• **Assigned task**:
Pictures are to be left out; everything else in the records must be repeated exactly.

• **Data extracts**:

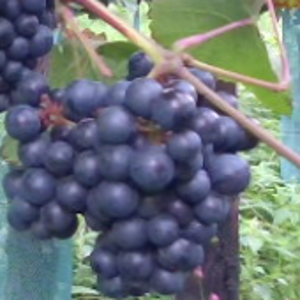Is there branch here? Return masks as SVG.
I'll use <instances>...</instances> for the list:
<instances>
[{"label": "branch", "instance_id": "obj_1", "mask_svg": "<svg viewBox=\"0 0 300 300\" xmlns=\"http://www.w3.org/2000/svg\"><path fill=\"white\" fill-rule=\"evenodd\" d=\"M88 8L99 16H104V20L121 34L127 36L134 44L145 49L150 54L154 55L157 62L155 67L147 74L149 79H155L160 75L174 72L181 76L183 79L188 80L191 84L198 88V93L203 96L208 102H210L218 110L224 112L230 118L239 124L244 130L253 134L263 144L269 148L275 150L277 153L284 156L290 163L295 166H300V156L295 154L290 148L280 143L265 131L259 128L256 124L249 121L240 111H237L234 107L224 102L220 97L214 94L208 87L204 85V82L197 76L193 75L184 67L182 58L172 51H165L154 45L148 39L139 35L132 27L126 25L121 20L116 18L112 13H107V9L104 5H99L96 1H90Z\"/></svg>", "mask_w": 300, "mask_h": 300}]
</instances>

• **Solution to this task**:
Is there branch here? Return masks as SVG.
I'll use <instances>...</instances> for the list:
<instances>
[{"label": "branch", "instance_id": "obj_1", "mask_svg": "<svg viewBox=\"0 0 300 300\" xmlns=\"http://www.w3.org/2000/svg\"><path fill=\"white\" fill-rule=\"evenodd\" d=\"M88 8L99 16H104V20L121 34L127 36L134 44L145 49L150 54L154 55L157 62L155 67L147 74L149 79H155L160 75L174 72L181 76L183 79L188 80L191 84L198 88V93L203 96L208 102H210L218 110L224 112L230 118L239 124L244 130L253 134L263 144L269 148L275 150L277 153L284 156L290 163L295 166H300V156L295 154L290 148L280 143L265 131L259 128L256 124L249 121L240 111H237L234 107L224 102L220 97L214 94L208 87L204 85V82L197 76L193 75L184 67L182 58L172 51H165L154 45L148 39L139 35L132 27L126 25L121 20L116 18L112 13H107V9L104 5H99L96 1H90Z\"/></svg>", "mask_w": 300, "mask_h": 300}]
</instances>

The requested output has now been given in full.